Endocrinology;Cardiovascular biology;

ELISA Enzyme-linked immunosorbent assays Code 90320007 SNOMED

E05 478 566 350 170 or Enzyme-Linked Immunosorbent Assays,E05 478 566 350 170 or Enzyme-Linked Immunosorbent Assays,Human proteins, cDNA and human recombinants are used in human reactive ELISA kits and to produce anti-human mono and polyclonal antibodies. Modern humans (Homo sapiens, primarily ssp. Homo sapiens sapiens). Depending on the epitopes used human ELISA kits can be cross reactive to many other species. Mainly analyzed are human serum, plasma, urine, saliva, human cell culture supernatants and biological samples.
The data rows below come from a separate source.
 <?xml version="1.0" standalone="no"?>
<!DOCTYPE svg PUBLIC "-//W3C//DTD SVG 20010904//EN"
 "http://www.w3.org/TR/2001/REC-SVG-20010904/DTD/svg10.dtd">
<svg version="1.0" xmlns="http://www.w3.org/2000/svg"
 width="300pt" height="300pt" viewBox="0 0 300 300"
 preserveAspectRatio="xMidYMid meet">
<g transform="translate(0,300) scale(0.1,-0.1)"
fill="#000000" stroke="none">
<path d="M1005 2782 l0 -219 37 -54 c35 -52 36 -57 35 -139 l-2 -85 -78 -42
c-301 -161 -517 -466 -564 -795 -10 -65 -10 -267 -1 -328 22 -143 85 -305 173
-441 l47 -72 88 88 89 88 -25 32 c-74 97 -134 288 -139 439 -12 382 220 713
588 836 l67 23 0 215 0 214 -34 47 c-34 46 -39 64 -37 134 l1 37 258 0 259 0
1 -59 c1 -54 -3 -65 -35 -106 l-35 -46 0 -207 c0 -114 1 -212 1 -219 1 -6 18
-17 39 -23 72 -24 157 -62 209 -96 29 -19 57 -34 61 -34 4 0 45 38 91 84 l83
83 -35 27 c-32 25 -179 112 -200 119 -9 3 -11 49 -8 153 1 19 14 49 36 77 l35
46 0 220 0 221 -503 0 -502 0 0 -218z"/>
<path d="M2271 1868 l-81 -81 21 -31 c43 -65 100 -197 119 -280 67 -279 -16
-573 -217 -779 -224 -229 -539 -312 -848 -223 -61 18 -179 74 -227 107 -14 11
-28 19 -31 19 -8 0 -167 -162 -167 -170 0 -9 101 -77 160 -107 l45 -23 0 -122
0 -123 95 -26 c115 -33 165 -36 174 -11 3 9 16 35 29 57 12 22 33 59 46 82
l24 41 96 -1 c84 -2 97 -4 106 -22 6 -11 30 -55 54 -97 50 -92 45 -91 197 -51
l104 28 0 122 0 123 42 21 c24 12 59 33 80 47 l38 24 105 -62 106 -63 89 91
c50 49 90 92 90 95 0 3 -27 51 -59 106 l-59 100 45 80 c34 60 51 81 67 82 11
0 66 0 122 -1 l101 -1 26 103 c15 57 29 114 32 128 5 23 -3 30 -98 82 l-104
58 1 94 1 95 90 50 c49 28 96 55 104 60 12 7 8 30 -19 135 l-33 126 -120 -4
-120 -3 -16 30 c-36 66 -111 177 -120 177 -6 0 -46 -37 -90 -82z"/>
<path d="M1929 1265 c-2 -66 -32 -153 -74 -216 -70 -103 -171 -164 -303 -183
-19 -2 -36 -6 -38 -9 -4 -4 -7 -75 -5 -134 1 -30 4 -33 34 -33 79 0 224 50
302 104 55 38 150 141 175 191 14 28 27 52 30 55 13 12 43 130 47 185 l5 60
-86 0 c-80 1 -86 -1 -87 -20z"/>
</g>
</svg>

Peptides short amino acid chains or epitopes or blocking antagonists. The shortest peptides are dipeptides, consisting of 2 amino acids joined by a single peptide bond, followed by tripeptides, tetra peptides, ... till polypeptides that are long, continuous, and unbranched synthetic peptide chains. These biological oligomers and polymers can be Solid-phase peptide synthesis (SPPS), or in continue produced for custom peptide synthesis projects. The High-efficiency solid phase peptide synthesis (HE-SPPS) is give very low production costs.
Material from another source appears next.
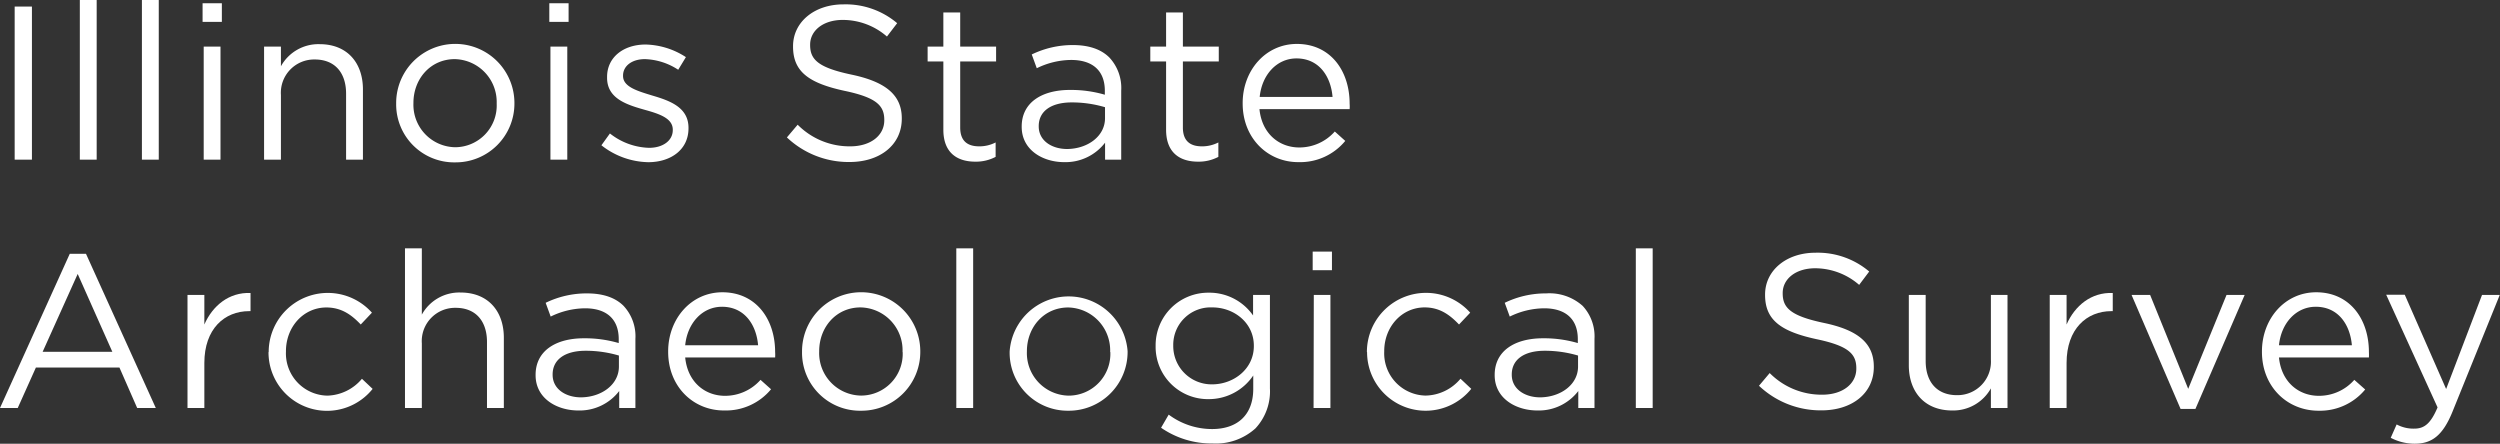 <svg xmlns="http://www.w3.org/2000/svg" viewBox="0 0 422.8 75.04"><rect x="0" y="0" width="422.8" height="75.04" fill="#333333" stroke="none"/><defs><style>.cls-1{fill:#fff;}</style></defs><title>Illinois-State-Archaeological-Survey-wordmark</title><g id="Layer_2" data-name="Layer 2"><g id="ISAS"><path class="cls-1" d="M2.48,1.11H5.4V27H2.48Z"/><path class="cls-1" d="M13.5,0h2.85V27H13.5Z"/><path class="cls-1" d="M24,0h2.85V27H24Z"/><path class="cls-1" d="M34.26.55h3.26V3.7H34.26Zm.19,7.33h2.84V27H34.45Z"/><path class="cls-1" d="M44.66,7.88h2.85v3.33a7.23,7.23,0,0,1,6.55-3.74c4.62,0,7.32,3.11,7.32,7.66V27H58.53V15.84c0-3.56-1.92-5.78-5.29-5.78a5.63,5.63,0,0,0-5.73,6V27H44.66Z"/><path class="cls-1" d="M67,17.54v-.08a10,10,0,0,1,20-.07v.07a9.94,9.94,0,0,1-10,10A9.81,9.81,0,0,1,67,17.54Zm17,0v-.08A7.25,7.25,0,0,0,76.92,10c-4.14,0-7,3.37-7,7.4v.07A7.18,7.18,0,0,0,77,24.9,7.06,7.06,0,0,0,84,17.54Z"/><path class="cls-1" d="M92.9.55h3.26V3.7H92.9Zm.19,7.33h2.85V27H93.09Z"/><path class="cls-1" d="M101.71,24.57l1.44-2A11.16,11.16,0,0,0,109.78,25c2.29,0,4-1.19,4-3v-.07c0-1.93-2.26-2.67-4.78-3.37-3-.85-6.33-1.89-6.33-5.4V13c0-3.29,2.74-5.47,6.52-5.47A13,13,0,0,1,116,9.66l-1.3,2.14A10.86,10.86,0,0,0,109.07,10c-2.25,0-3.7,1.19-3.7,2.78v.07c0,1.82,2.37,2.52,4.92,3.3,3,.88,6.15,2,6.15,5.47v.08c0,3.62-3,5.73-6.81,5.73A13.16,13.16,0,0,1,101.71,24.57Z"/><path class="cls-1" d="M133.08,23.24l1.82-2.15a12.34,12.34,0,0,0,8.88,3.66c3.48,0,5.77-1.85,5.77-4.4v-.07c0-2.41-1.29-3.78-6.73-4.92-6-1.3-8.7-3.22-8.7-7.48V7.81c0-4.07,3.59-7.07,8.51-7.07a13.48,13.48,0,0,1,9.1,3.18L150,6.18a11.37,11.37,0,0,0-7.47-2.81c-3.37,0-5.52,1.85-5.52,4.18v.07c0,2.44,1.34,3.81,7,5S152.51,16,152.51,20v.08c0,4.44-3.7,7.32-8.84,7.32A15.19,15.19,0,0,1,133.08,23.24Z"/><path class="cls-1" d="M159.54,21.94V10.4h-2.66V7.88h2.66V2.11h2.85V7.88h6.07V10.4h-6.07V21.57c0,2.33,1.29,3.18,3.22,3.18a6,6,0,0,0,2.77-.66v2.44a7.14,7.14,0,0,1-3.44.81C161.87,27.34,159.54,25.83,159.54,21.94Z"/><path class="cls-1" d="M172.79,21.46v-.07c0-4,3.33-6.18,8.17-6.18a20.41,20.41,0,0,1,5.89.81v-.66c0-3.45-2.11-5.22-5.7-5.22a13.38,13.38,0,0,0-5.81,1.4l-.85-2.33a15.82,15.82,0,0,1,6.95-1.59c2.71,0,4.78.71,6.18,2.11a7.55,7.55,0,0,1,2,5.59V27h-2.73V24.13a8.43,8.43,0,0,1-6.92,3.29C176.38,27.42,172.79,25.38,172.79,21.46ZM186.88,20V18.13a19.8,19.8,0,0,0-5.62-.81c-3.59,0-5.59,1.55-5.59,4v.07c0,2.41,2.22,3.81,4.81,3.81C184,25.16,186.88,23,186.88,20Z"/><path class="cls-1" d="M197.21,21.94V10.4h-2.67V7.88h2.67V2.11h2.84V7.88h6.07V10.4h-6.07V21.57c0,2.33,1.3,3.18,3.22,3.18a6,6,0,0,0,2.78-.66v2.44a7.14,7.14,0,0,1-3.44.81C199.54,27.34,197.21,25.83,197.21,21.94Z"/><path class="cls-1" d="M210.16,17.5v-.07c0-5.52,3.88-10,9.17-10,5.66,0,8.92,4.52,8.92,10.11a6.78,6.78,0,0,1,0,.92H213c.41,4.15,3.33,6.48,6.74,6.48a8,8,0,0,0,6-2.7l1.77,1.59a9.88,9.88,0,0,1-7.88,3.59C214.45,27.46,210.16,23.42,210.16,17.5Zm15.2-1.11c-.29-3.48-2.29-6.51-6.1-6.51-3.33,0-5.85,2.77-6.22,6.51Z"/><path class="cls-1" d="M11.8,42.92h2.74L26.35,69H23.2l-3-6.84H6.07L3,69H0ZM19,59.5,13.14,46.33,7.21,59.5Z"/><path class="cls-1" d="M31.71,49.88h2.85v5c1.4-3.19,4.18-5.48,7.81-5.33v3.07h-.23c-4.18,0-7.58,3-7.58,8.77V69H31.71Z"/><path class="cls-1" d="M45.44,59.54v-.08A10,10,0,0,1,62.9,52.88l-1.89,2C59.5,53.29,57.79,52,55.2,52c-3.88,0-6.84,3.29-6.84,7.4v.07a7.14,7.14,0,0,0,7,7.44,7.9,7.9,0,0,0,5.85-2.85l1.81,1.71a9.89,9.89,0,0,1-17.61-6.22Z"/><path class="cls-1" d="M68.49,42h2.85V53.21a7.23,7.23,0,0,1,6.55-3.74c4.62,0,7.32,3.11,7.32,7.66V69H82.36V57.84c0-3.55-1.92-5.78-5.29-5.78a5.63,5.63,0,0,0-5.73,6V69H68.49Z"/><path class="cls-1" d="M90.58,63.46v-.07c0-4,3.33-6.18,8.17-6.18a20.41,20.41,0,0,1,5.89.81v-.66c0-3.44-2.11-5.22-5.7-5.22a13.38,13.38,0,0,0-5.81,1.4l-.85-2.33a15.82,15.82,0,0,1,7-1.59c2.71,0,4.78.71,6.18,2.11a7.55,7.55,0,0,1,2,5.59V69h-2.74V66.13a8.43,8.43,0,0,1-6.92,3.29C94.17,69.42,90.58,67.38,90.58,63.46ZM104.67,62V60.13a19.8,19.8,0,0,0-5.62-.81c-3.59,0-5.59,1.55-5.59,4v.07c0,2.41,2.22,3.81,4.81,3.81C101.79,67.16,104.67,65,104.67,62Z"/><path class="cls-1" d="M113,59.5v-.07c0-5.51,3.88-10,9.17-10,5.66,0,8.92,4.52,8.92,10.11a6.78,6.78,0,0,1,0,.92H115.88c.41,4.15,3.33,6.48,6.74,6.48a8,8,0,0,0,6-2.7l1.78,1.59a9.91,9.91,0,0,1-7.89,3.59C117.29,69.46,113,65.42,113,59.5Zm15.21-1.11c-.3-3.48-2.3-6.51-6.11-6.51-3.33,0-5.85,2.77-6.22,6.51Z"/><path class="cls-1" d="M135.64,59.54v-.08a10,10,0,0,1,20-.07v.07a9.94,9.94,0,0,1-10,10A9.8,9.8,0,0,1,135.64,59.54Zm17,0v-.08a7.24,7.24,0,0,0-7.1-7.47c-4.15,0-7,3.37-7,7.4v.07a7.18,7.18,0,0,0,7.07,7.44A7.05,7.05,0,0,0,152.66,59.54Z"/><path class="cls-1" d="M161.73,42h2.85V69h-2.85Z"/><path class="cls-1" d="M170.75,59.54v-.08a10,10,0,0,1,19.95-.07v.07a9.94,9.94,0,0,1-10,10A9.81,9.81,0,0,1,170.75,59.54Zm17,0v-.08A7.25,7.25,0,0,0,180.67,52c-4.14,0-7,3.37-7,7.4v.07a7.18,7.18,0,0,0,7.07,7.44A7.06,7.06,0,0,0,187.78,59.54Z"/><path class="cls-1" d="M196.36,72.34l1.29-2.22A12.26,12.26,0,0,0,205,72.56c4.21,0,6.95-2.33,6.95-6.8V63.5a9.05,9.05,0,0,1-7.51,4,8.84,8.84,0,0,1-9-9V58.5a8.89,8.89,0,0,1,9-9,9,9,0,0,1,7.48,3.85V49.88h2.85v15.8a9.18,9.18,0,0,1-2.45,6.77A10,10,0,0,1,205.05,75,15,15,0,0,1,196.36,72.34Zm15.69-13.8v-.07c0-3.93-3.41-6.48-7-6.48a6.33,6.33,0,0,0-6.63,6.44v.07A6.48,6.48,0,0,0,205,65C208.64,65,212.05,62.39,212.05,58.54Z"/><path class="cls-1" d="M222,42.55h3.26V45.7H222Zm.19,7.33H225V69h-2.85Z"/><path class="cls-1" d="M231.17,59.54v-.08a10,10,0,0,1,17.47-6.58l-1.89,2c-1.52-1.59-3.22-2.89-5.81-2.89-3.88,0-6.84,3.29-6.84,7.4v.07a7.14,7.14,0,0,0,7,7.44A7.87,7.87,0,0,0,247,64.05l1.82,1.71a9.9,9.9,0,0,1-17.62-6.22Z"/><path class="cls-1" d="M252.78,63.46v-.07c0-4,3.33-6.18,8.18-6.18a20.34,20.34,0,0,1,5.88.81v-.66c0-3.44-2.11-5.22-5.7-5.22a13.42,13.42,0,0,0-5.81,1.4l-.85-2.33a15.83,15.83,0,0,1,7-1.59,8.43,8.43,0,0,1,6.18,2.11,7.59,7.59,0,0,1,2,5.59V69h-2.74V66.13a8.4,8.4,0,0,1-6.92,3.29C256.37,69.42,252.78,67.38,252.78,63.46ZM266.88,62V60.13a19.88,19.88,0,0,0-5.63-.81c-3.58,0-5.58,1.55-5.58,4v.07c0,2.41,2.22,3.81,4.81,3.81C264,67.16,266.88,65,266.88,62Z"/><path class="cls-1" d="M276.65,42h2.85V69h-2.85Z"/><path class="cls-1" d="M297.48,65.24l1.81-2.15a12.34,12.34,0,0,0,8.88,3.66c3.48,0,5.77-1.85,5.77-4.4v-.07c0-2.41-1.29-3.78-6.73-4.92-6-1.3-8.7-3.22-8.7-7.48v-.07c0-4.07,3.59-7.07,8.51-7.07a13.48,13.48,0,0,1,9.1,3.18l-1.7,2.26A11.37,11.37,0,0,0,307,45.37c-3.37,0-5.51,1.85-5.51,4.18v.07c0,2.44,1.33,3.81,7,5S316.9,58,316.9,62v.08c0,4.44-3.7,7.32-8.84,7.32A15.15,15.15,0,0,1,297.48,65.24Z"/><path class="cls-1" d="M322.82,61.76V49.88h2.85V61.06c0,3.55,1.92,5.77,5.29,5.77a5.66,5.66,0,0,0,5.74-6V49.88h2.81V69H336.7V65.68a7.3,7.3,0,0,1-6.55,3.74C325.52,69.42,322.82,66.31,322.82,61.76Z"/><path class="cls-1" d="M346.65,49.88h2.85v5c1.4-3.19,4.18-5.48,7.81-5.33v3.07h-.23c-4.18,0-7.58,3-7.58,8.77V69h-2.85Z"/><path class="cls-1" d="M360.49,49.88h3.14l6.44,15.88,6.48-15.88h3.07l-8.33,19.28h-2.51Z"/><path class="cls-1" d="M382.54,59.5v-.07c0-5.51,3.88-10,9.17-10,5.67,0,8.92,4.52,8.92,10.11a9,9,0,0,1,0,.92H385.42c.41,4.15,3.33,6.48,6.74,6.48a7.93,7.93,0,0,0,6-2.7L400,65.87a9.91,9.91,0,0,1-7.89,3.59C386.83,69.46,382.54,65.42,382.54,59.5Zm15.21-1.11c-.3-3.48-2.3-6.51-6.11-6.51-3.33,0-5.85,2.77-6.22,6.51Z"/><path class="cls-1" d="M419.76,49.88h3l-8,19.76c-1.63,4-3.48,5.4-6.37,5.4a8.7,8.7,0,0,1-4.07-1l1-2.26a6,6,0,0,0,3,.71c1.7,0,2.78-.89,3.92-3.59l-8.69-19.06h3.14l7,15.95Z"/></g></g></svg>

The test principle applied in this kit is Sandwich enzyme immunoassay. The microtiter plate provided in this kit has been pre-coated with an antibody specific to N-Terminal Pro-Atrial Natriuretic Peptide (NT-ProANP). Standards or samples are then added to the appropriate microtiter plate wells with a biotin-conjugated antibody specific to N-Terminal Pro-Atrial Natriuretic Peptide (NT-ProANP). Next, Avidin conjugated to Horseradish Peroxidase (HRP) is added to each microplate well and incubated. After TMB substrate solution is added, only those wells that contain N-Terminal Pro-Atrial Natriuretic Peptide (NT-ProANP), biotin-conjugated antibody and enzyme-conjugated Avidin will exhibit a change in color. The enzyme-substrate reaction is terminated by the addition of sulphuric acid solution and the color change is measured spectrophotometrically at a wavelength of 450nm ± 10nm. The concentration of N-Terminal Pro-Atrial Natriuretic Peptide (NT-ProANP) in the samples is then determined by comparing the O.D. of the samples to the standard curve.